Otimização da recuperação no pós-operatório com ultrassom

 

A Otimização da Recuperação Pós-operatória (ERAS em inglês) é uma mudança no paradigma do atendimento perioperatório, projetada para minimizar os efeitos do estresse cirúrgico e facilitar com segurança uma alta precoce. Um grande conjunto de evidências mostrou que essa abordagem multidisciplinar ao atendimento padronizado do paciente cirúrgico com as melhores práticas reduz significativamente complicações, taxas de infecção, reinternações, custos e duração da internação (LOS), além de aumentar a satisfação do paciente. 1, 2

O Hospital de Saint Mary, um hospital escola comunitário de tratamento intensivo em Waterbury, Connecticut, mostrou os benefícios clínicos e financeiros de um programa de ERAS que inclui a anestesia regional guiada por ultrassom (USGRA). Desde o lançamento do programa de ERAS com economia de opioides em outubro de 2015, o hospital Saint Mary tem tido melhorias impressionantes na segurança e qualidade do tratamento de pacientes que passaram por cirurgia colorretal, junto com reduções significativas no uso de opioides. A LOS média diminuiu de 6,3 dias para 4,3 e muitos pacientes foram para casa no segundo dia após a cirurgia, levando à economia de mais de US$ 1,5 milhão nos primeiros três anos do programa.

Controle eficaz da dor e otimização da recuperação com bloqueios TAP

USGRA é o componente-chave do programa de ERAS do hospital Saint Mary. Para cirurgias colorretais e outras intervenções abdominais, os cirurgiões do Saint Mary administraram bloqueios do plano transverso abdominal (TAP) guiados por ultrassom.

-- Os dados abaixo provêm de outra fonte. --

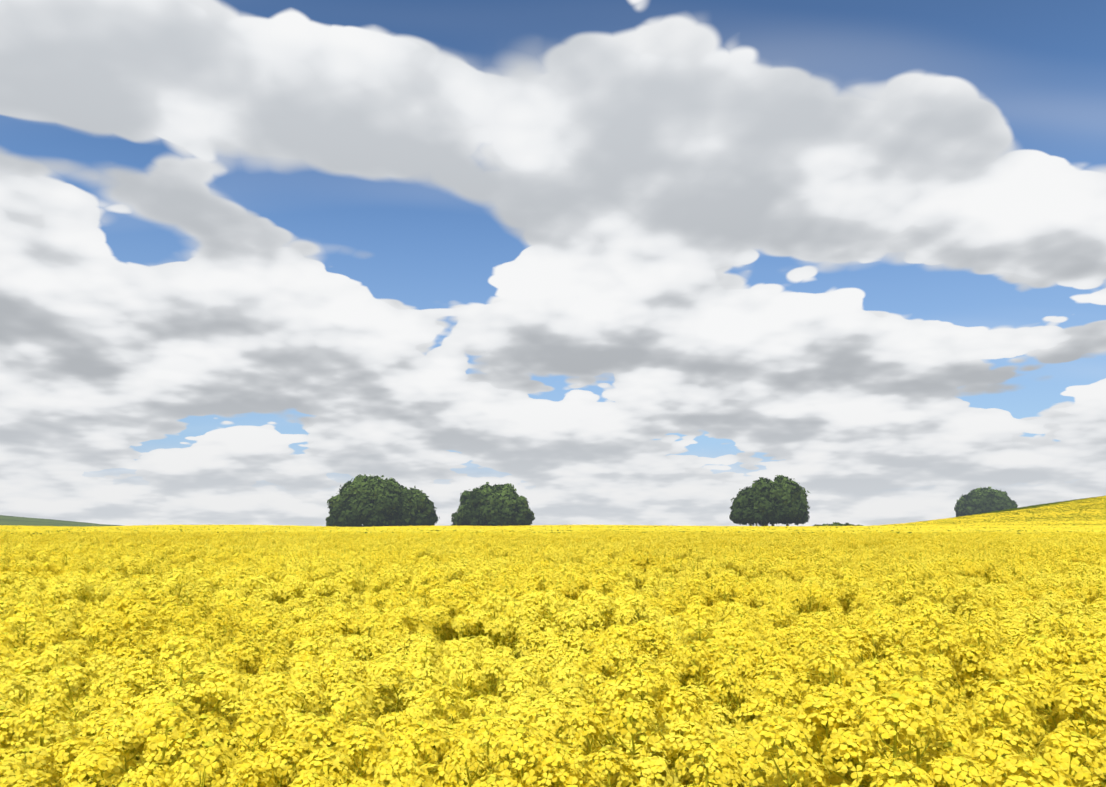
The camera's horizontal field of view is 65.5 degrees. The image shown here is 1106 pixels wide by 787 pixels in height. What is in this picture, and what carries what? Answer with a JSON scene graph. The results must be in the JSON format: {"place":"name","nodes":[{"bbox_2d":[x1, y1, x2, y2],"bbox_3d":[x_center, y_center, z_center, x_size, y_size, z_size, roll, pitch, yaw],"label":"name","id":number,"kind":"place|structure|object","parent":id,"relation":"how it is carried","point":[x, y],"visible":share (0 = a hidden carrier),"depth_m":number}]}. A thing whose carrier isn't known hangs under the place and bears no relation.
{"place":"outdoors","nodes":[
{"label":"outdoors","id":0,"kind":"place"},
{"bbox_2d":[0,501,1094,759],"bbox_3d":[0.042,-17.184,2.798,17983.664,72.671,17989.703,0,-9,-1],"label":"ground","id":1,"kind":"structure","parent":0,"point":[16,521],"depth_m":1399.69},
{"bbox_2d":[326,474,439,526],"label":"beech clump","id":2,"kind":"object","parent":1,"relation":"on","point":[359,500],"visible":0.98,"depth_m":334.14},
{"bbox_2d":[451,482,534,525],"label":"beech clump","id":3,"kind":"object","parent":1,"relation":"on","point":[486,504],"visible":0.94,"depth_m":344.82},
{"bbox_2d":[729,475,809,525],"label":"beech clump","id":4,"kind":"object","parent":1,"relation":"on","point":[763,501],"visible":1,"depth_m":317.97},
{"bbox_2d":[954,487,1017,516],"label":"beech clump","id":5,"kind":"object","parent":1,"relation":"on","point":[980,500],"visible":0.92,"depth_m":489.19},
{"bbox_2d":[0,0,1105,525],"label":"sky","id":6,"kind":"structure","parent":0,"point":[607,262]},
{"bbox_2d":[813,522,862,525],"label":"scrub row","id":7,"kind":"object","parent":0,"point":[838,524],"visible":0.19,"depth_m":281.10}
]}

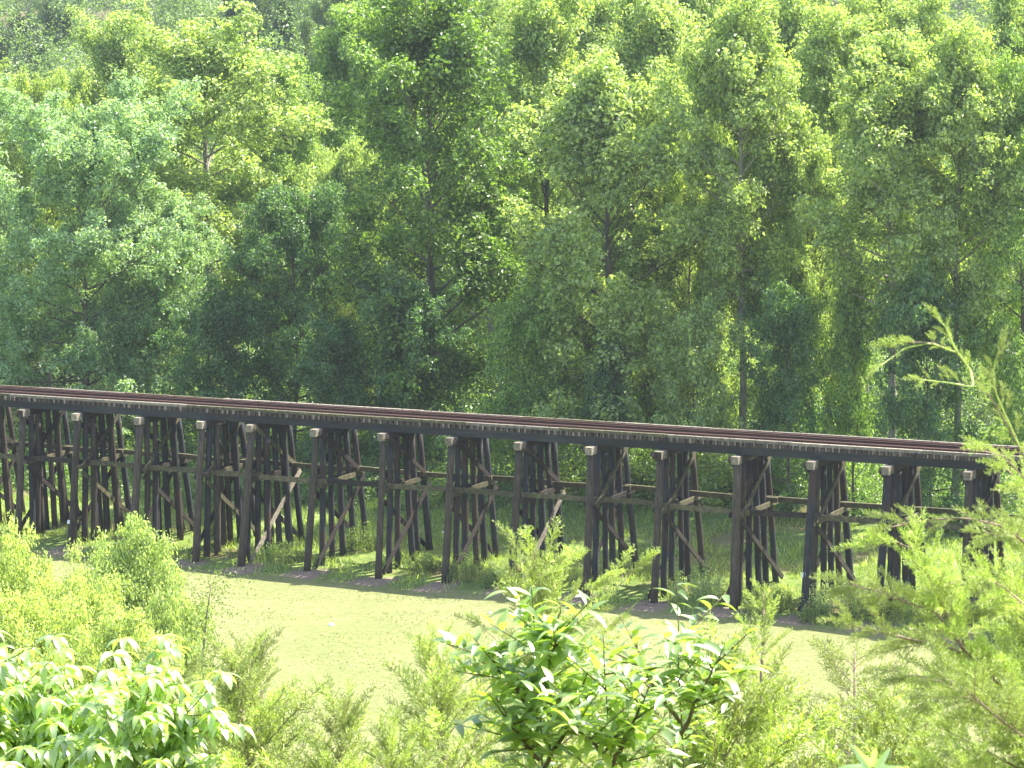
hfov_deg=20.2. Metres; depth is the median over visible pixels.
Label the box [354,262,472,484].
tree
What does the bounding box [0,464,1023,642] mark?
rank grass
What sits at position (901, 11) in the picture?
tree
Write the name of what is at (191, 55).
tree
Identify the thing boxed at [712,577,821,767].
cedar tree
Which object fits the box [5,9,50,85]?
tree
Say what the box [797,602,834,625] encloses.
weed clump
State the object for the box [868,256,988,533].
tree
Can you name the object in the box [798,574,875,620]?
weed clump
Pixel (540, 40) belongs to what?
tree
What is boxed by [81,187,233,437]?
tree
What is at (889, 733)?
cedar tree
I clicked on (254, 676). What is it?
cedar tree
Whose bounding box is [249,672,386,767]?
cedar tree
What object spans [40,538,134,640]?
bush
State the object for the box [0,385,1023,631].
trestle bridge
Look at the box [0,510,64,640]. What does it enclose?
bush
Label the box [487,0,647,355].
tree
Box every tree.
[0,23,18,75]
[0,57,101,375]
[0,65,101,387]
[0,67,259,444]
[0,188,48,414]
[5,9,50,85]
[33,0,97,86]
[42,0,216,305]
[55,0,337,397]
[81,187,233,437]
[95,631,270,766]
[132,624,331,767]
[148,274,264,466]
[200,180,373,458]
[210,0,277,117]
[220,642,323,767]
[241,35,344,388]
[248,0,317,85]
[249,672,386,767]
[279,302,391,486]
[286,136,407,447]
[295,0,363,144]
[301,0,443,334]
[315,0,538,479]
[338,0,493,324]
[350,704,449,767]
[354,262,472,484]
[361,617,521,767]
[411,0,567,392]
[449,515,663,767]
[457,0,636,397]
[474,276,575,490]
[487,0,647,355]
[496,43,731,493]
[540,0,652,378]
[563,0,750,373]
[577,333,633,509]
[624,74,767,480]
[625,609,857,767]
[639,0,753,349]
[645,0,823,493]
[648,283,757,506]
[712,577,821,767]
[726,0,878,348]
[730,88,874,482]
[730,635,975,767]
[736,266,838,522]
[770,0,887,428]
[790,22,982,514]
[799,669,979,767]
[809,302,1023,767]
[816,0,934,406]
[821,258,882,515]
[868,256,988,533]
[870,0,1002,410]
[874,16,1023,519]
[952,0,1023,420]
[952,21,1023,490]
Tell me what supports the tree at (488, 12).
on the ground at (322, 602)
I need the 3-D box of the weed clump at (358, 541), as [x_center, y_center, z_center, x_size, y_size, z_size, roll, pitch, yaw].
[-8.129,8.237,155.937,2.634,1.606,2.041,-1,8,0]
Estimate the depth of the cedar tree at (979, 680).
9.11 m
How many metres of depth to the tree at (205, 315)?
177.67 m
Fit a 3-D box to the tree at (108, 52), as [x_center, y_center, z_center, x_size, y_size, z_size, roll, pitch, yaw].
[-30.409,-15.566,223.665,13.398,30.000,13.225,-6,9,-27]
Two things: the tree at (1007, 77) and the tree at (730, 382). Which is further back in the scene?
the tree at (730, 382)
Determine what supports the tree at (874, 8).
on the ground at (322, 602)
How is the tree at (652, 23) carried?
on the ground at (322, 602)
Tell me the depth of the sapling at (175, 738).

Uma recente revisão abrangente da literatura mostrou que essa técnica oferece benefícios que se alinham aos objetivos do ERAS, incluindo o seguinte:3

  • Os bloqueios do TAP diminuem significativamente o uso de opioides no pós-operatório em comparação ao placebo, a infiltração em feridas ou a analgesia controlada pelo paciente (PCA) com administração de opioide por via intravenosa
  • Os bloqueios do TAP são seguros, econômicos e fáceis
  • Os bloqueios do TAP oferecem controle eficaz da dor com mínima complicação

Um estudo comparativo recentemente analisou os bloqueios do TAP em relação à anestesia epidural em pacientes que passaram por ressecção laparoscópica do cólon. O uso de morfina no pós-operatório foi 51% menor em pacientes que receberam os bloqueios do TAP (com resgate de PCA, se necessário).4 O grupo do TAP também apresentou escores menores de dor, retorno mais rápido da função intestinal e redução do tempo de internação (3,4 dias em comparação a 5,7 dias para o grupo que recebeu a anestesia epidural).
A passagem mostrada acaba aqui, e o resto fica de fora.